For partitioning the input spaces of iter and diversity variables, we use a general rule where the resulting fuzzy term sets for both variables are orthogonal with $ϵ$-completeness equal to 0.5. Figure 3 shows the input membership functions of the proposed fuzzy inference system. The rule’s consequences are set as: VHigh = 1, High = 0.5, Med = 0.2, Low = 0.1, and VLow = 0.01.

3.5. Particle Evaluation

Each metaheuristic must use a fitness (or cost) evaluation function which associates with each solution of the search space a numeric value that describes its quality. An effective fitness (cost) evaluation function must yield better evaluations to solutions that are closer to the optimal solution than those that are farther away.

To evaluate the cost of the miRNAs subset selection and avoid the over-fitting, we use the average error rates of n-fold cross-validation (with n = 10) on training data.
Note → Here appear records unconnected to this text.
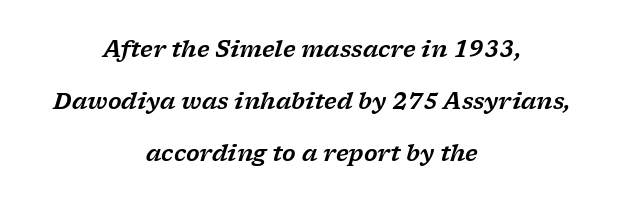
The image shows 22 px text type, italic (leaning right); set centered, loose line spacing (2.36x), normal letter spacing, not underlined.
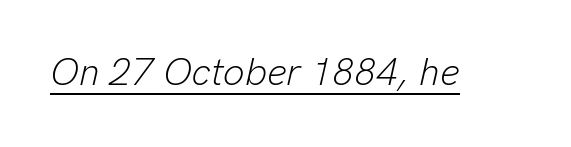
The image shows 38 px light type, italic (leaning right); set normal letter spacing, underlined; low stroke contrast and a medium x-height.
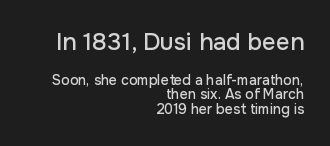
The image shows 24 px text type, upright; set right-aligned, tight line spacing (1.06x), normal letter spacing, not underlined; the first (top) block is 1.71x larger.
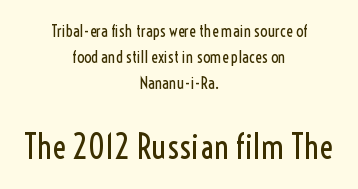
The image shows 33 px regular-weight, condensed sans-serif type, upright; set centered, normal line spacing (1.63x), normal letter spacing, not underlined; the second (bottom) block is 2.06x larger; a medium x-height.
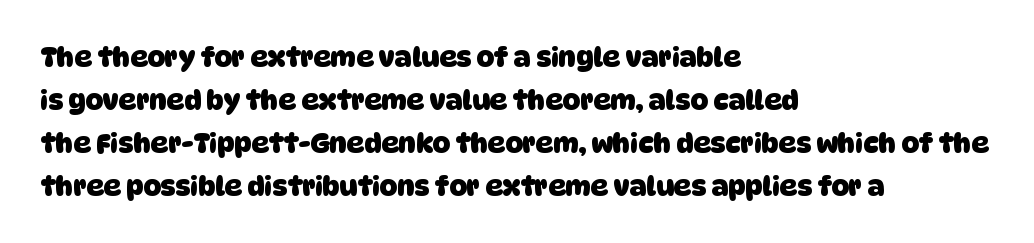
The image shows 27 px bold type; set left-aligned, normal line spacing (1.59x), normal letter spacing, not underlined.
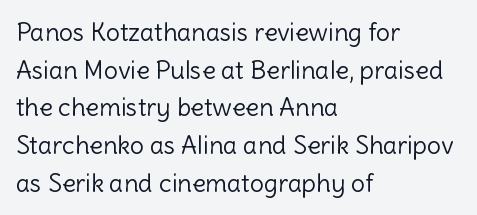
{"italic": "no", "bold": "no", "underline": "no", "align": "left", "line_spacing": "normal", "line_spacing_ratio": 1.51, "letter_spacing": "normal", "letter_spacing_em": 0.0, "glyph_px": 25}
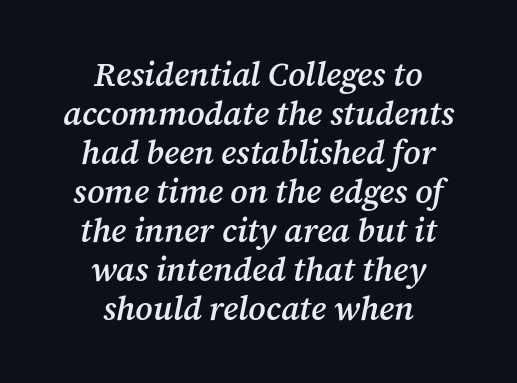
{"serif": "yes", "italic": "yes", "lean": "right", "slant_degrees": 12, "bold": "semi", "weight": "semibold", "width": "normal", "stroke_contrast": "medium", "x_height": "medium", "monospaced": "no", "underline": "no", "align": "center", "line_spacing_ratio": 1.18, "letter_spacing": "normal", "letter_spacing_em": 0.0, "glyph_px": 33}
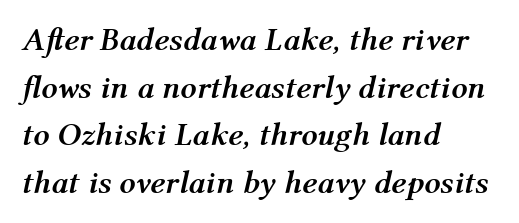
{"italic": "yes", "lean": "right", "slant_degrees": 12, "bold": "yes", "weight": "semibold", "width": "normal", "stroke_contrast": "medium", "x_height": "medium", "monospaced": "no", "underline": "no", "align": "left", "line_spacing": "normal", "line_spacing_ratio": 1.49, "letter_spacing": "normal", "letter_spacing_em": 0.0, "glyph_px": 32}
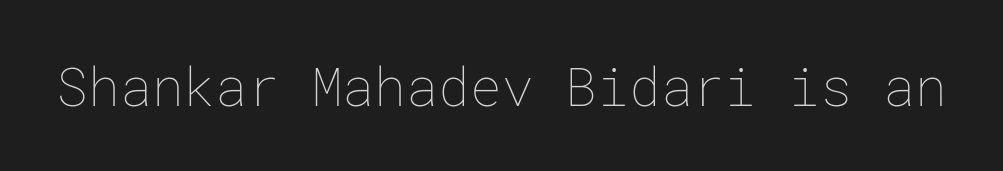
This reads as an unemphasized weight, regular at the heaviest. The letters stand straight up with perfectly vertical stems. This rendering leaves character spacing at its baseline value. A bare baseline throughout the passage.
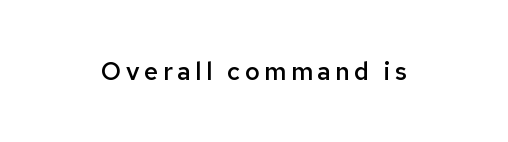
{"italic": "no", "bold": "semi", "underline": "no", "glyph_px": 25}
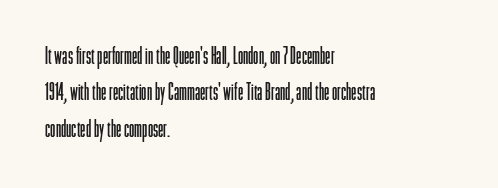
The image shows 24 px text type, upright; set left-aligned, normal line spacing (1.52x), normal letter spacing, not underlined.
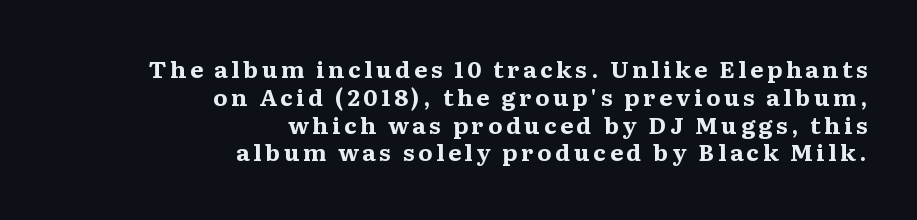
{"italic": "no", "bold": "yes", "underline": "no", "align": "right", "line_spacing_ratio": 1.21, "glyph_px": 23}
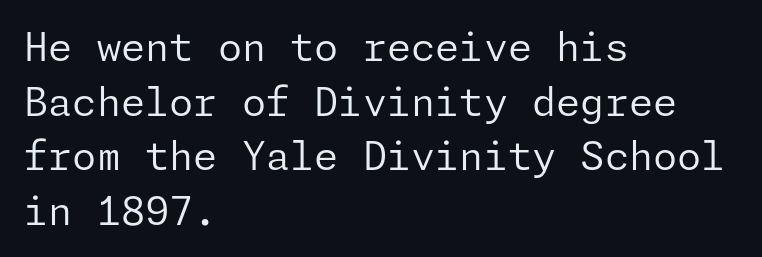
The image shows 39 px regular-weight sans-serif type, upright; set left-aligned, normal line spacing (1.4x), normal letter spacing, not underlined; low stroke contrast and a medium x-height.
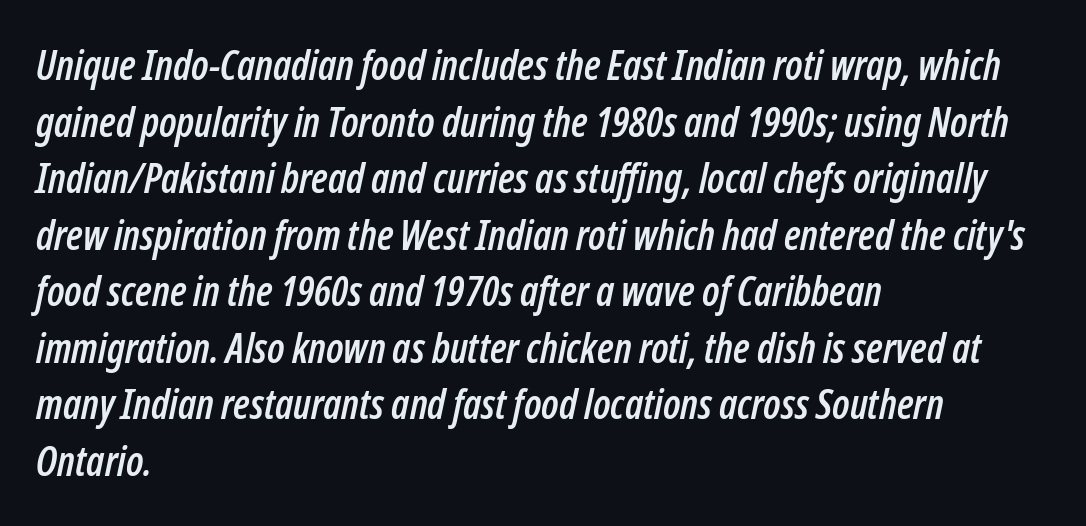
{"italic": "yes", "lean": "right", "slant_degrees": 12, "width": "condensed", "stroke_contrast": "low", "x_height": "medium", "monospaced": "no", "underline": "no", "align": "left", "line_spacing": "normal", "line_spacing_ratio": 1.38, "letter_spacing": "normal", "letter_spacing_em": 0.0, "glyph_px": 41}
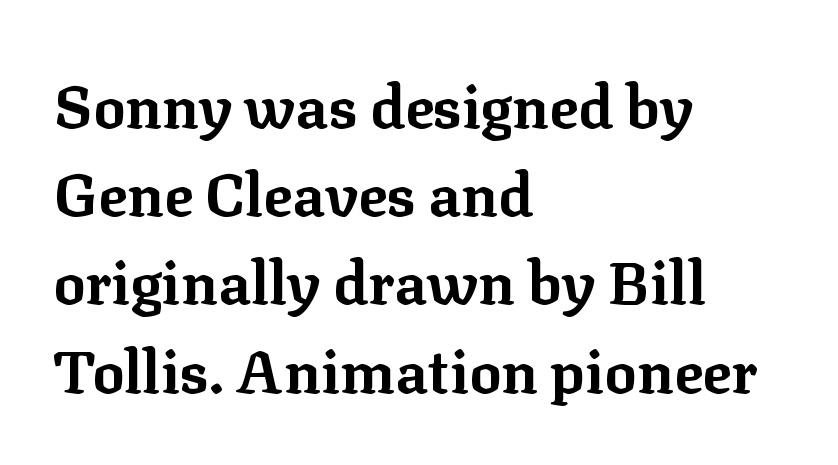
Q: Is the text bold? A: Yes.
Q: Is the text italic (slanted)? A: No, it is upright.
Q: Is the typeface a serif or a sans-serif typeface? A: Serif.
Q: Is the text underlined? A: No.
Q: How is the paragraph aligned? A: Left-aligned.
Q: Is the spacing between letters normal or unusually wide? A: Normal.
Q: Is the spacing between lines tight, normal or loose? A: Normal.
Q: Width (condensed, normal, or wide)? A: Normal.
Q: Stroke contrast? A: Low.
Q: x-height? A: Medium.
Q: Monospaced? A: No.
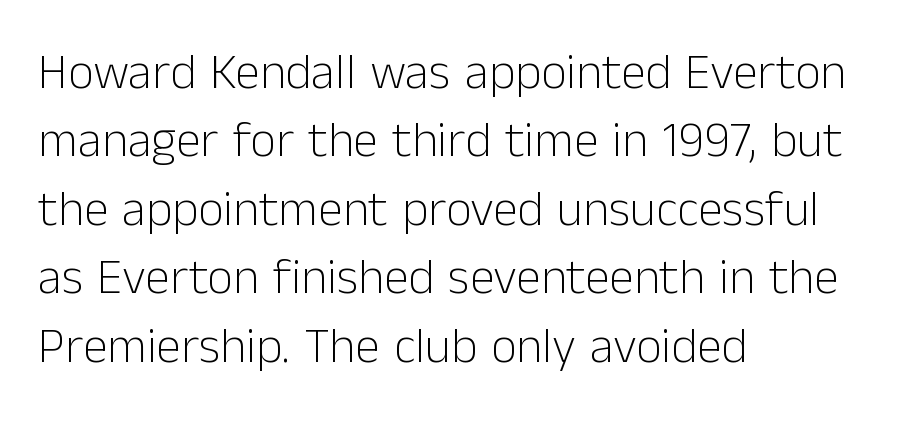
{"serif": "no", "italic": "no", "bold": "no", "weight": "light", "width": "normal", "stroke_contrast": "low", "x_height": "medium", "monospaced": "no", "underline": "no", "align": "left", "line_spacing": "normal", "line_spacing_ratio": 1.37, "letter_spacing": "normal", "letter_spacing_em": 0.0, "glyph_px": 50}
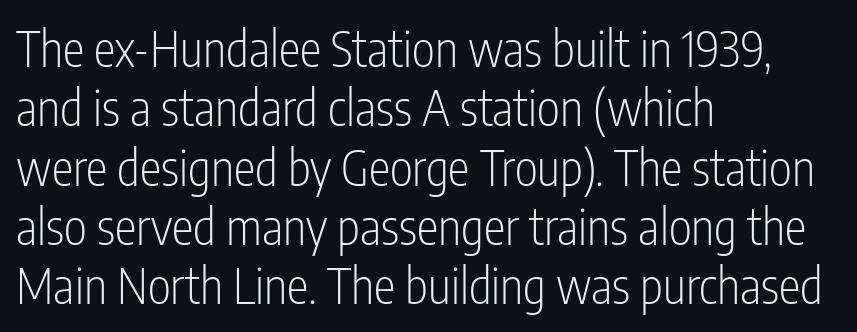
Q: Is the text bold? A: No.
Q: Is the text italic (slanted)? A: No, it is upright.
Q: Is the typeface a serif or a sans-serif typeface? A: Sans-serif.
Q: Is the text underlined? A: No.
Q: How is the paragraph aligned? A: Left-aligned.
Q: Is the spacing between letters normal or unusually wide? A: Normal.
Q: Width (condensed, normal, or wide)? A: Condensed.
Q: Stroke contrast? A: Low.
Q: x-height? A: Medium.
Q: Monospaced? A: No.
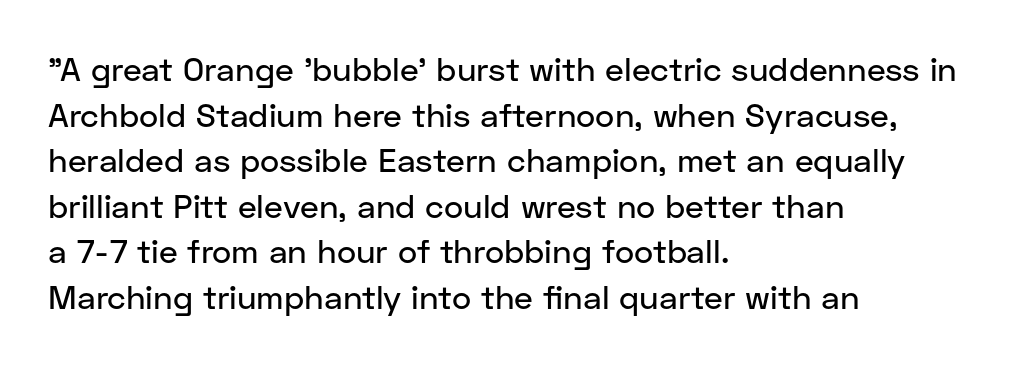
The image shows 33 px sans-serif type, upright; set left-aligned, normal line spacing (1.38x), normal letter spacing, not underlined; low stroke contrast and a medium x-height.
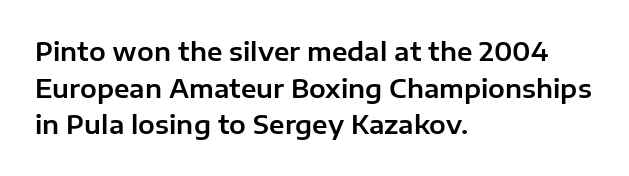
Q: Is the text italic (slanted)? A: No, it is upright.
Q: Is the text underlined? A: No.
Q: How is the paragraph aligned? A: Left-aligned.
Q: Is the spacing between letters normal or unusually wide? A: Normal.
Q: Is the spacing between lines tight, normal or loose? A: Normal.
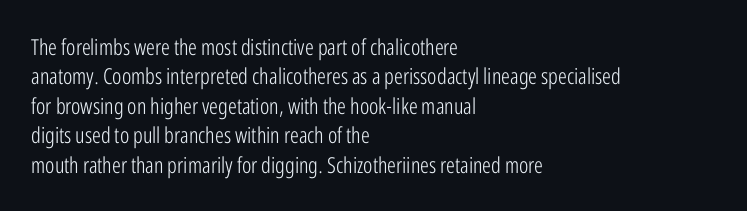
The image shows 22 px text type, upright; set left-aligned, normal line spacing (1.34x), normal letter spacing, not underlined.
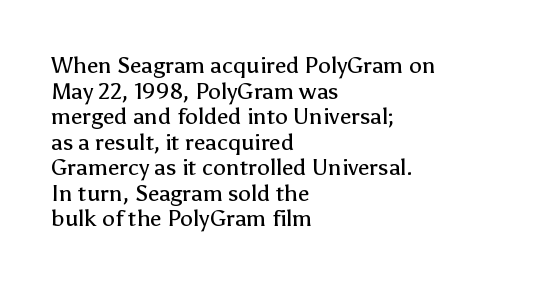
The image shows 23 px text type, upright; set left-aligned, tight line spacing (1.11x), normal letter spacing, not underlined.
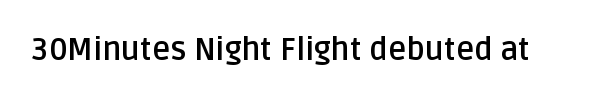
Q: Is the text bold? A: Yes.
Q: Is the text italic (slanted)? A: No, it is upright.
Q: Is the typeface a serif or a sans-serif typeface? A: Sans-serif.
Q: Is the text underlined? A: No.
Q: Is the spacing between letters normal or unusually wide? A: Normal.
Q: Width (condensed, normal, or wide)? A: Normal.
Q: Stroke contrast? A: Low.
Q: x-height? A: Large.
Q: Monospaced? A: No.
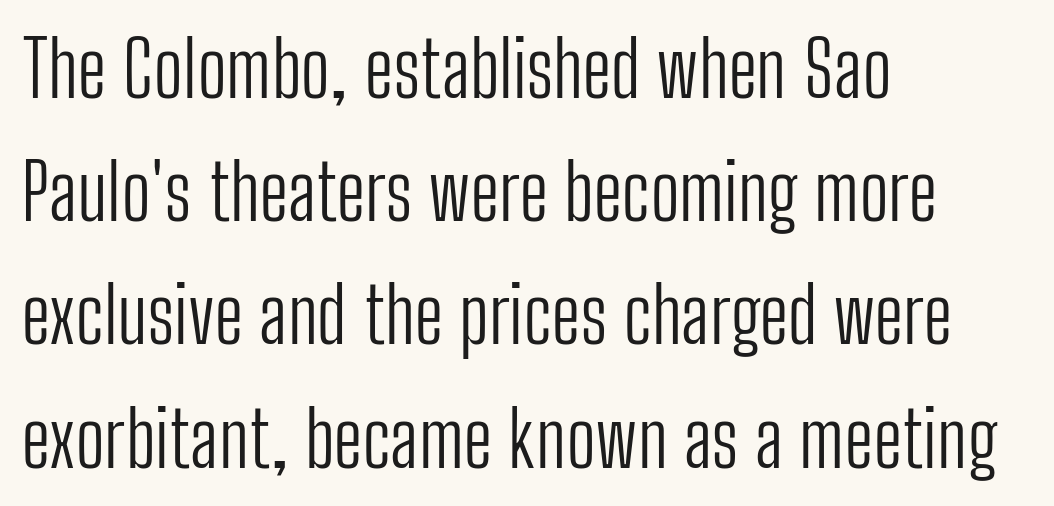
The image shows 78 px light, condensed sans-serif type, upright; set left-aligned, normal line spacing (1.58x), normal letter spacing, not underlined; low stroke contrast and a medium x-height.
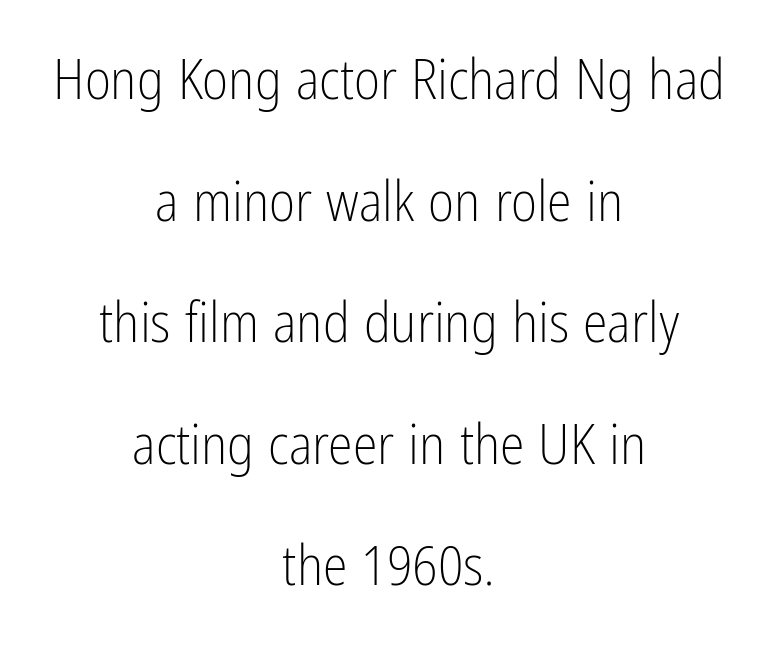
{"serif": "no", "italic": "no", "bold": "no", "weight": "light", "width": "condensed", "stroke_contrast": "low", "x_height": "medium", "monospaced": "no", "underline": "no", "align": "center", "line_spacing": "loose", "line_spacing_ratio": 2.17, "letter_spacing": "normal", "letter_spacing_em": 0.0, "glyph_px": 56}

In this case, we use the k-Nearest Neighbors (k-NN) classifier [54] with k = 5 as learning algorithm for wrapper. The k-NN is a type of instance-based machine learning algorithm where its input is the k training instances in the miRNAs space and its output is a class label. In k-NN, an instance is labeled by the majority class of its k nearest neighbors.

3.6. Algorithmic Details and Flowchart

Algorithm 2 shows the detailed algorithmic steps of proposed algorithm, and Figure 4 illustrates the system architecture of it. Algorithm 3 shows the general steps of n-fold cross-validation.

Algorithm 2. Outline of proposed algorithm for feature selection in classification.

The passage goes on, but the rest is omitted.